The rule of three
Every developer is a software architect.
Every time we write code, we follow the design patterns, we decide on the design patterns, we take software principles into consideration, we weigh pros and cons, we aim towards a more maintainable and cleaner code and want to be good boy/girl scouts. We do this always, every day, every hour.
Software architecture principles and concepts are second nature to us. They are of course not written on stone, but they give us solid ground to base our decisions on.
One of these principles, which we continuously engage and probably not even think about, is the DRY principle. It's almost omnipresent. But as always, this one also has its pitfalls. And when misused, can do more harm than good. Let me explain.
Reusing as best-practice
One of the activities we perform daily is to avoid repeating what has been done before (so called the Don’t Repeat Yourself - DRY principle): To maintain always one source of truth. This is essential to:
improve maintainability (or to keep the level of maintainability stable):
The more duplicated code there is, the more difficult it will be to comprehend it, to read the code, to refactor, to fix issues. Fixes will target one copy and miss the other one. When the time comes to refactor it, we will have to deal with the clones, which were branched some years ago, with tens of references to each, and a change history that is alien to us. We have all been there.
follow the existing patterns and guidelines and styles:
There are cases, where we know that we could have done it different or better, but reusing the existing code can also help unifying the programming practices in the code base we are working on. How many times have you encountered two test frameworks that are being used together? Or REST API’s along with GraphQL? Sometimes this can be an outcome of an ongoing migration/refactoring. In all other cases, leaning towards reusing helps keep the architecture in shape.
reduce the chance to introduce new issues:
Existing code is the tested code. It endured many tests in the past. Probably it was once not as good as it is now. Its issues were fixed, its implementation was made better. It was hardened in time with testing and with feedback.
On the other hand, what we need to accept is that our own fresh version of the code will start from scratch and might have to pass through these stages to achieve similar maturity.
Branching everywhere
Take a data access layer. It’s a good candidate to always reuse, right? This is because data access layers have a certain, specific patterns to use them. And most probably the previous developers in the project have already covered all what you need to access to your database: Authentication, authorization, caching, performance, data integrity, transaction management, you name it.
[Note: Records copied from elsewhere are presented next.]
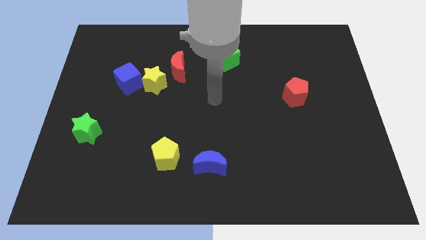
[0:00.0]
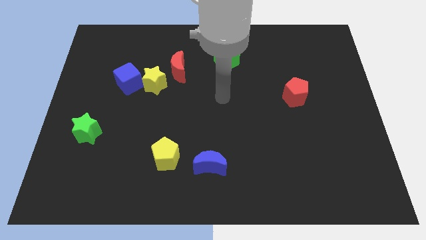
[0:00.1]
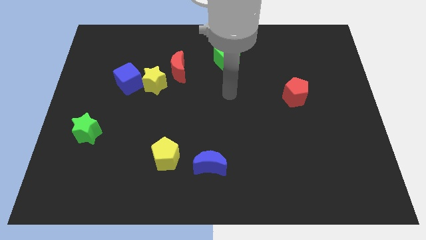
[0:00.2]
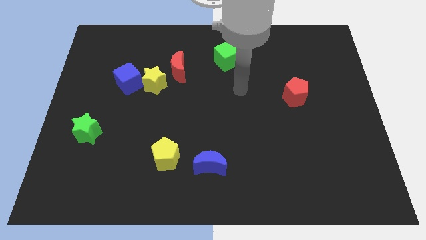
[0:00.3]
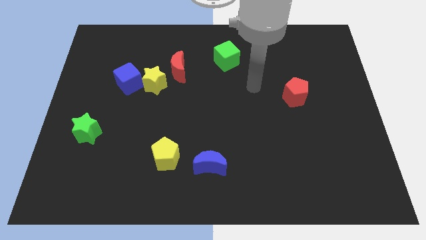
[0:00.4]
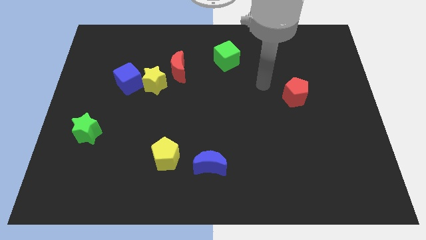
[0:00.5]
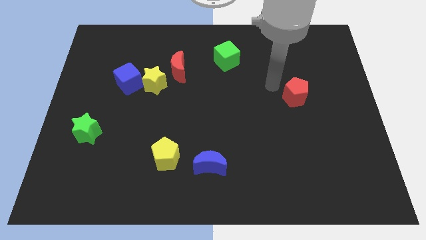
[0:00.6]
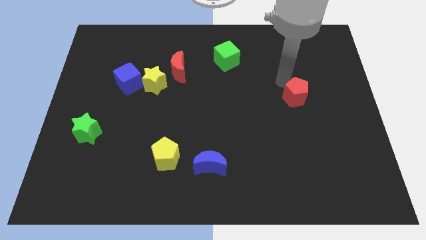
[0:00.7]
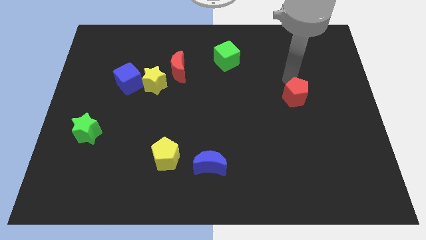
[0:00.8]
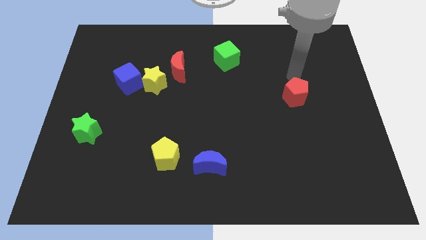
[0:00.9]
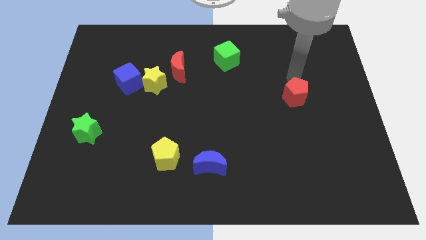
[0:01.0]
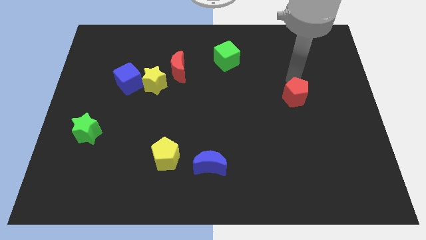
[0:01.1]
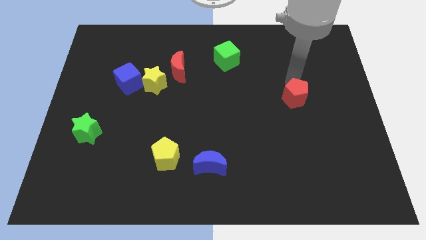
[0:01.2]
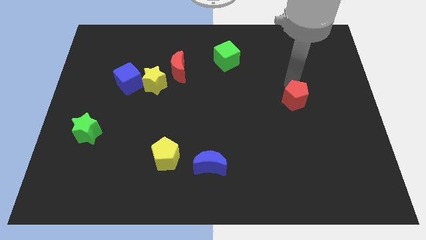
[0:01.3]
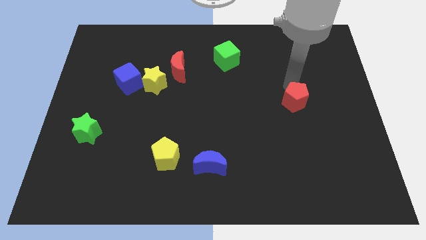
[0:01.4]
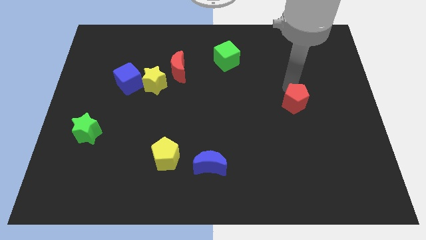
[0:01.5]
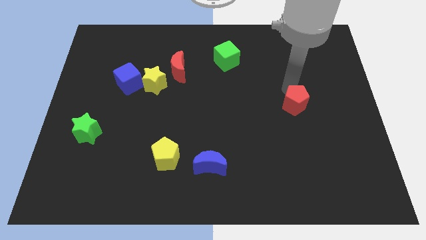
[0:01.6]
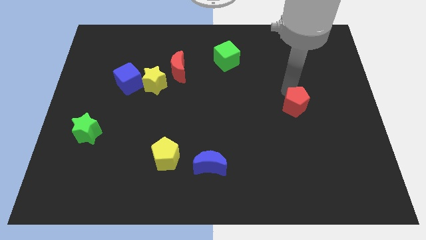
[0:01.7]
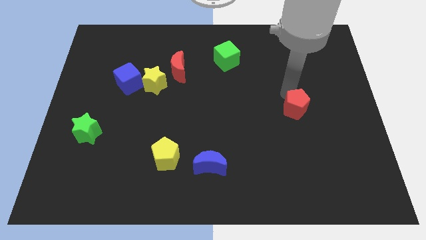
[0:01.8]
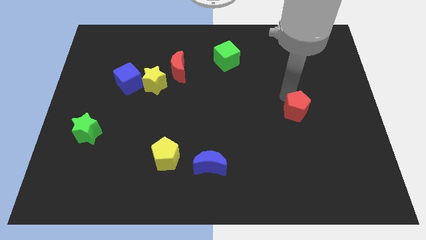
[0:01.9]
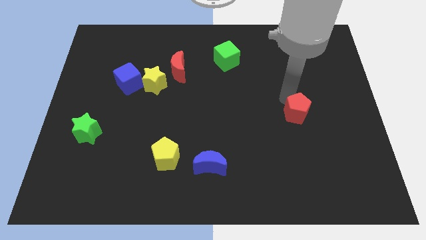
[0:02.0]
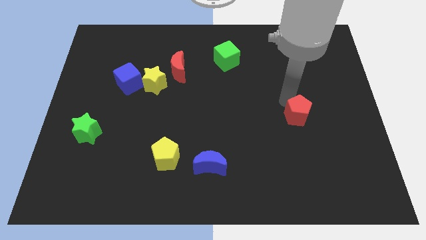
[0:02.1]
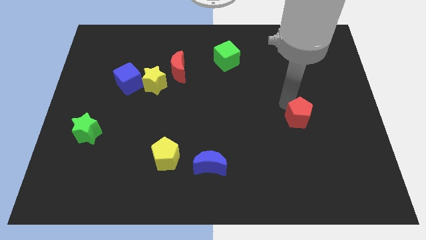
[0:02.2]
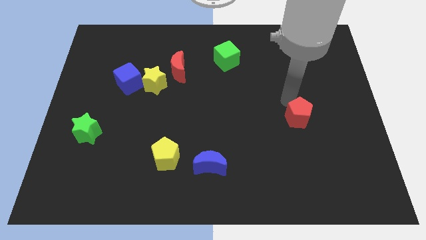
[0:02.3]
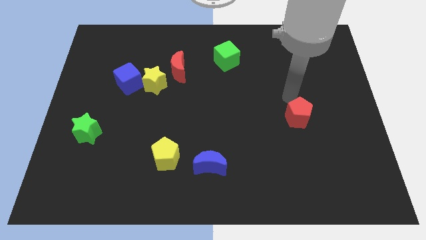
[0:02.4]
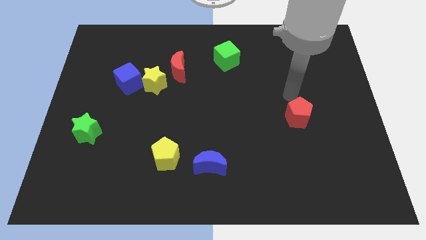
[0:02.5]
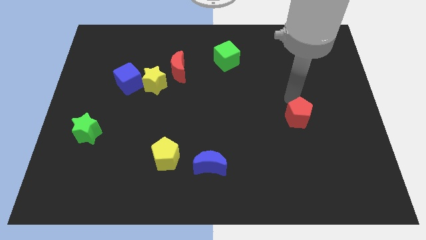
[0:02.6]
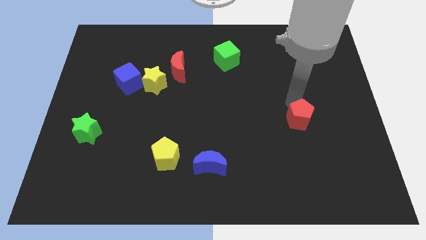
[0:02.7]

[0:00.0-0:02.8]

Yet in a past project I was working on (where the app was already some 15 years old), there were four(!) different data access layers accessing the very same database. Needless to say, this was repeatedly producing bugs, which were not easily traceable and fixable.
Once we started the refactoring, we immediately recognized the reason behind the branching. A familiar story for many of you: Someone decides that the existing code doesn't provide what she needs, doesn't want to impact anything else, branches/rewrites her own version and adds on top the missing piece she wanted in the first place. Give it five years, half of the code base uses the old, half the new version.
Gray zones
On the other hand, not in every situation the decision can be as clear as the example above. Even then, many developers have an unconditional tendency to abstract and to reuse. The emphasis is on the word "unconditional": No matter what, the duplication must be avoided.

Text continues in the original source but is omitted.